DATA EXTRACT:
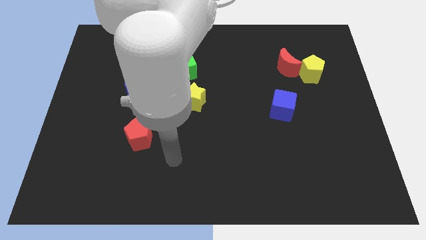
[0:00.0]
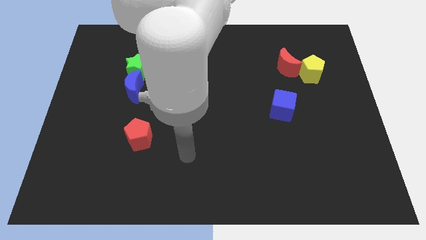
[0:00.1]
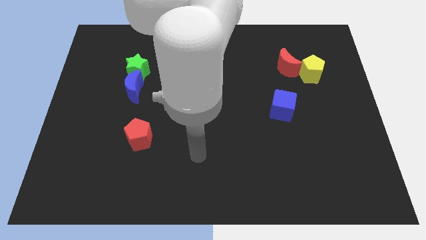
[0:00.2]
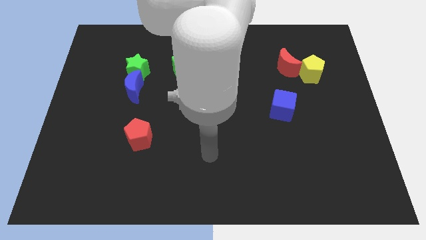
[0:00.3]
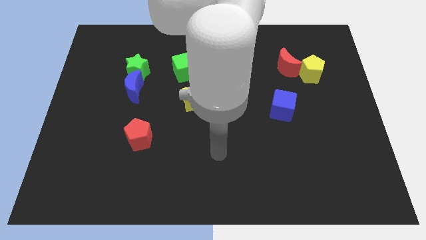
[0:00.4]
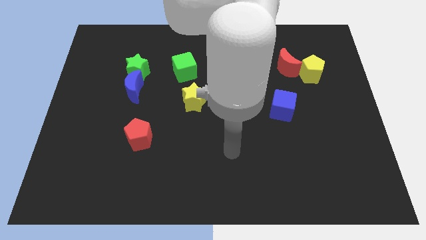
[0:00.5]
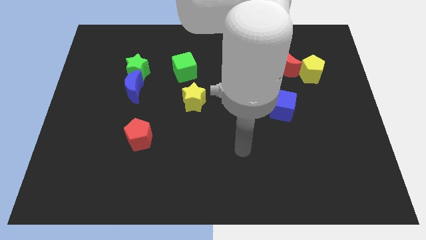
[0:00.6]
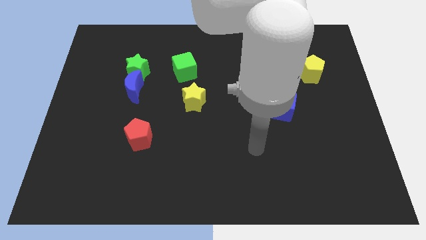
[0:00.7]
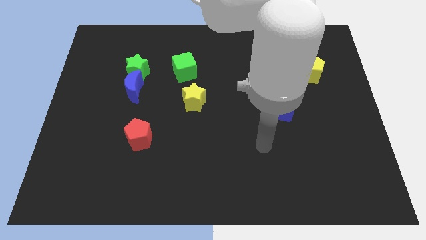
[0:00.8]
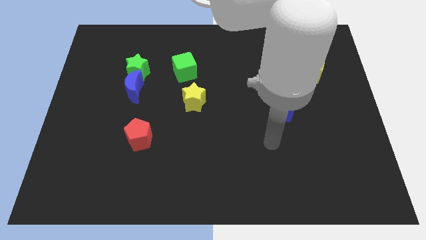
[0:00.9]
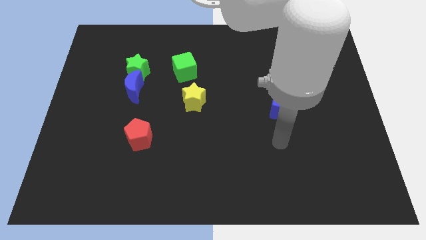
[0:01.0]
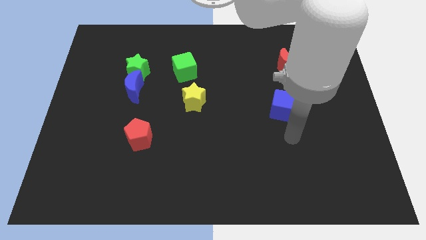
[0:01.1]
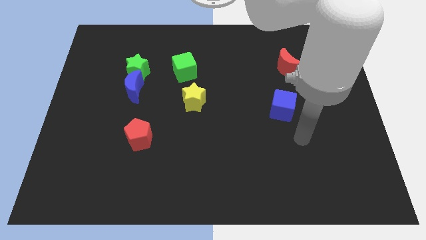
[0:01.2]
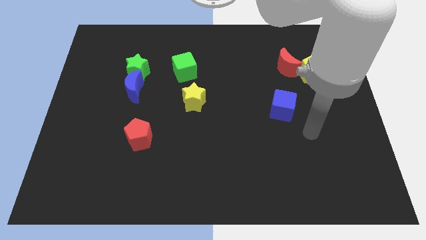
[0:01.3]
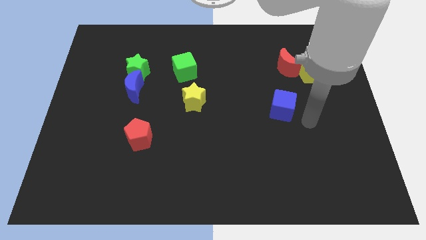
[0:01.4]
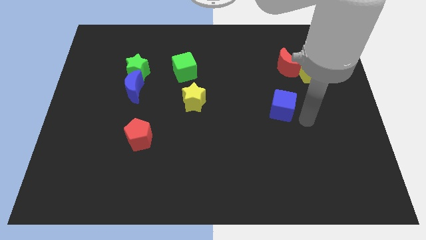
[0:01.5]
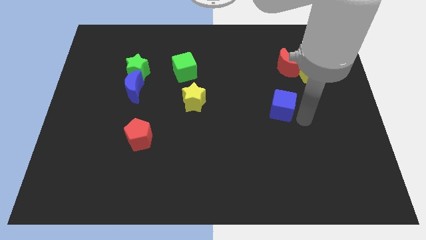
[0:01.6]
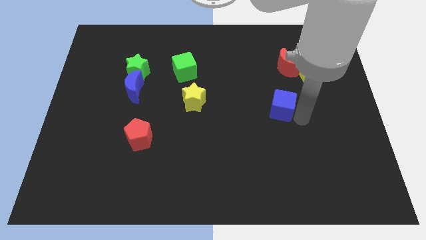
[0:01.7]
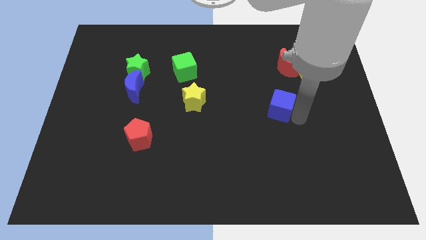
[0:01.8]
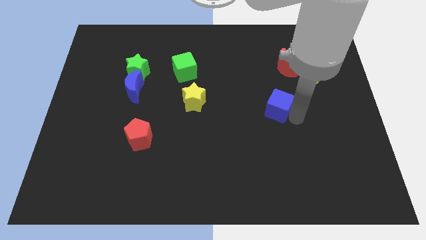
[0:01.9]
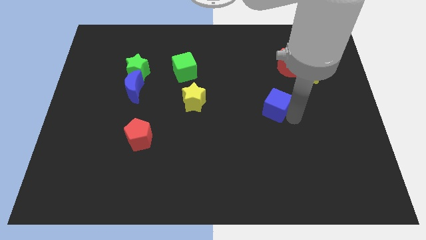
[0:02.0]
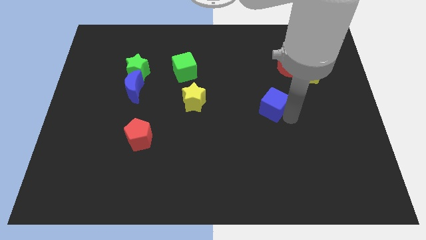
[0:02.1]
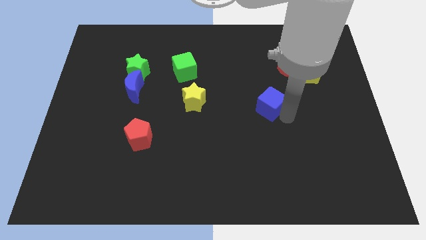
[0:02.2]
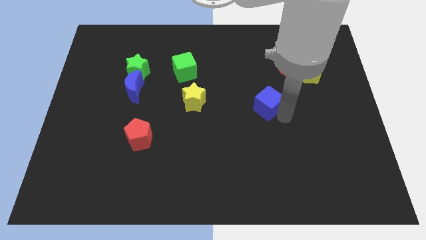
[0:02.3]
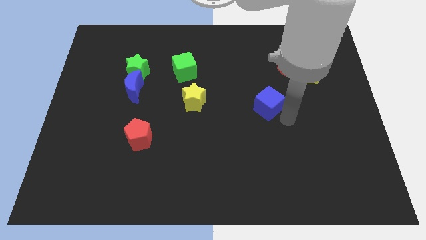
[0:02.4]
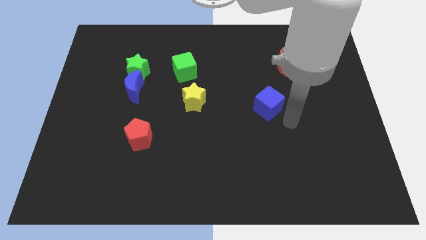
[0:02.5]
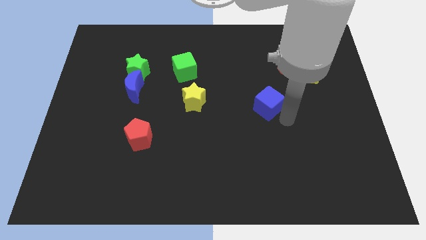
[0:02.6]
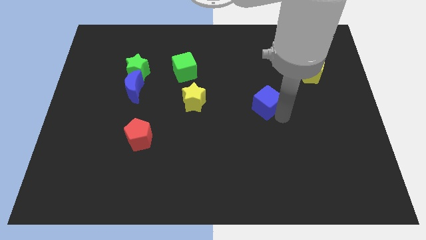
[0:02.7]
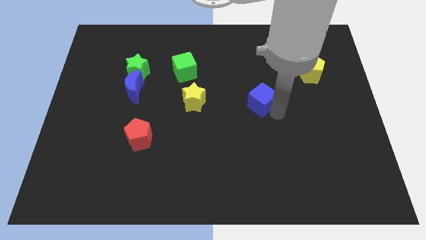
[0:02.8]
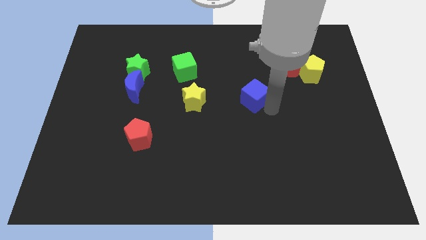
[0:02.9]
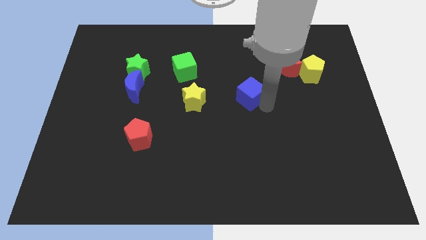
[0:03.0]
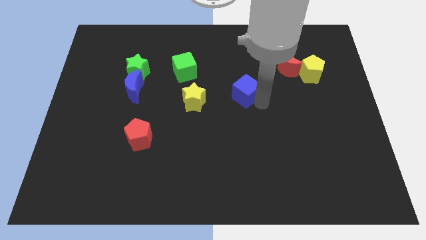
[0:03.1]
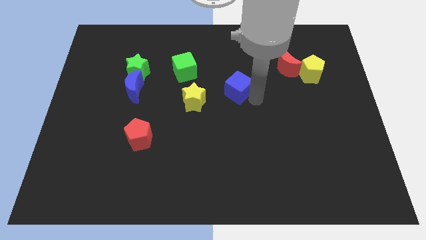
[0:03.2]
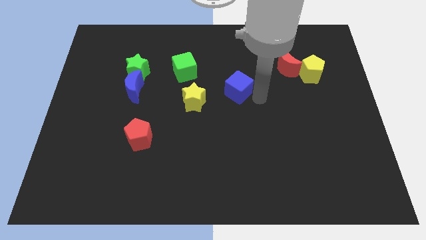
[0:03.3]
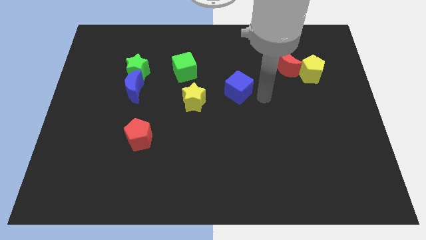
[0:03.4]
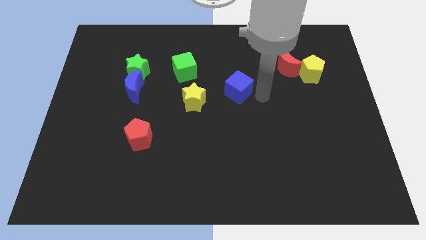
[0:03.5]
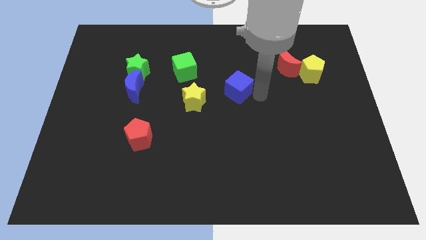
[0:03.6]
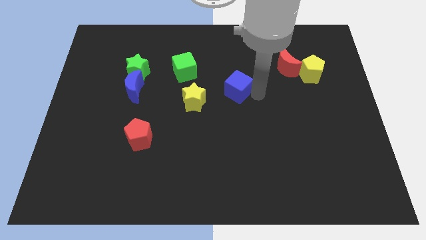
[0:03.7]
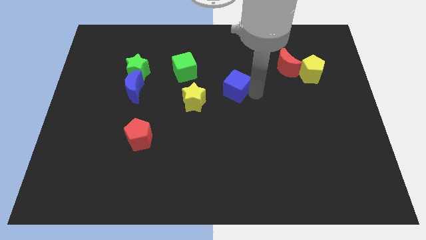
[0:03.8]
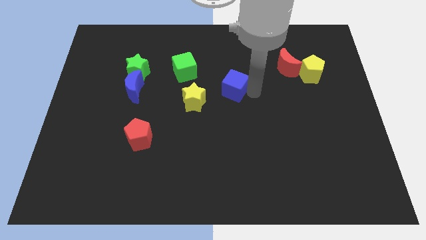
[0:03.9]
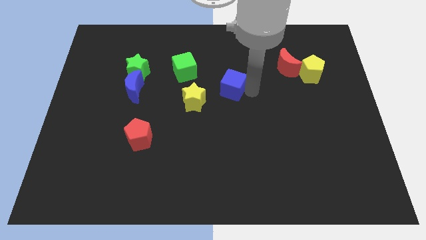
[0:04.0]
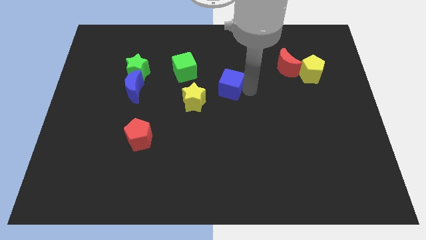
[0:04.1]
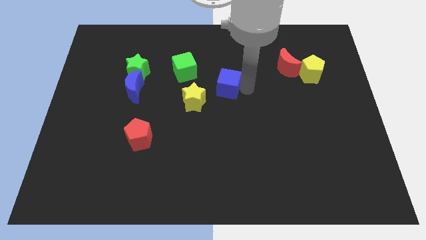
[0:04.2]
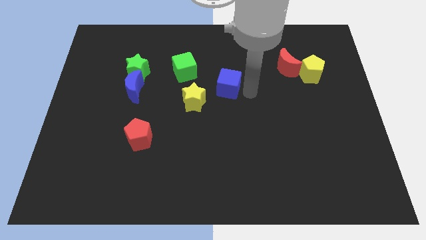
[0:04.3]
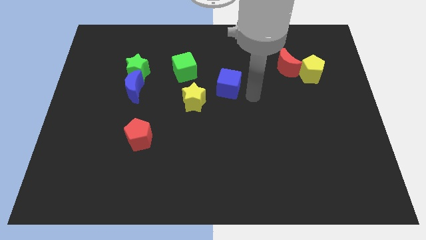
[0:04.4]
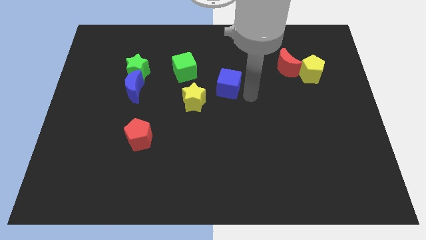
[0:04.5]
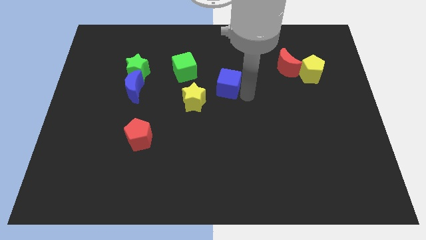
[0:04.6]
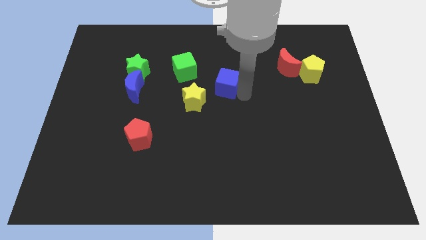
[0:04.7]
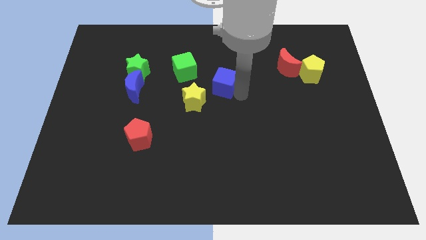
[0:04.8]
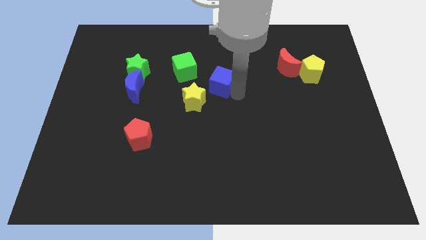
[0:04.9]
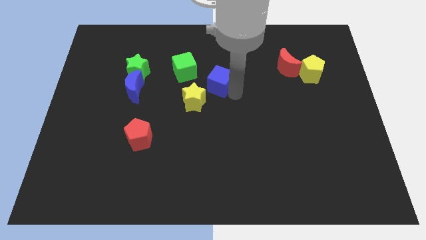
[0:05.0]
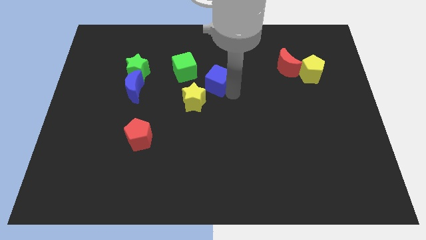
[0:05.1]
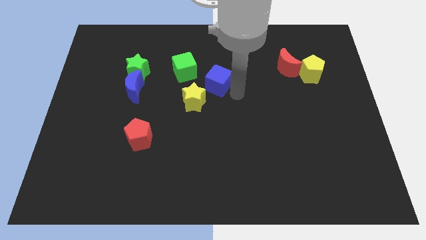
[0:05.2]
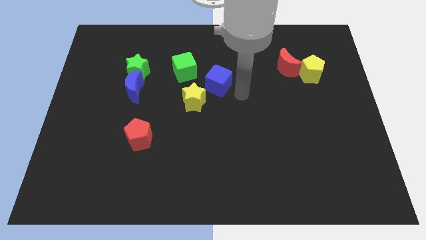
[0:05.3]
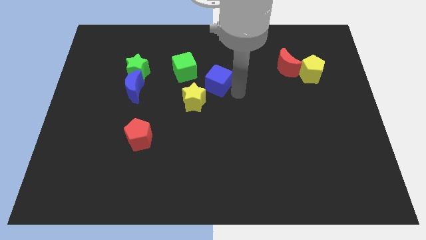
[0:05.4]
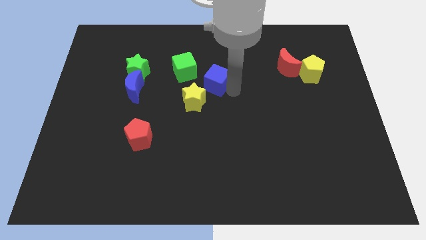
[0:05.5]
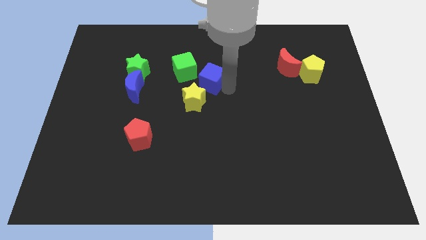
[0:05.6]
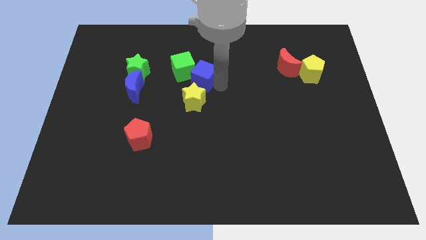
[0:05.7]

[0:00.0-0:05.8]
put the blue cube towards the green cube

ACTION ITEM:
Each entry above should be copied word for word, with the images omitted.

RESPONSE TO THIS TASK:
[0:00.0]
[0:00.1]
[0:00.2]
[0:00.3]
[0:00.4]
[0:00.5]
[0:00.6]
[0:00.7]
[0:00.8]
[0:00.9]
[0:01.0]
[0:01.1]
[0:01.2]
[0:01.3]
[0:01.4]
[0:01.5]
[0:01.6]
[0:01.7]
[0:01.8]
[0:01.9]
[0:02.0]
[0:02.1]
[0:02.2]
[0:02.3]
[0:02.4]
[0:02.5]
[0:02.6]
[0:02.7]
[0:02.8]
[0:02.9]
[0:03.0]
[0:03.1]
[0:03.2]
[0:03.3]
[0:03.4]
[0:03.5]
[0:03.6]
[0:03.7]
[0:03.8]
[0:03.9]
[0:04.0]
[0:04.1]
[0:04.2]
[0:04.3]
[0:04.4]
[0:04.5]
[0:04.6]
[0:04.7]
[0:04.8]
[0:04.9]
[0:05.0]
[0:05.1]
[0:05.2]
[0:05.3]
[0:05.4]
[0:05.5]
[0:05.6]
[0:05.7]

[0:00.0-0:05.8]
put the blue cube towards the green cube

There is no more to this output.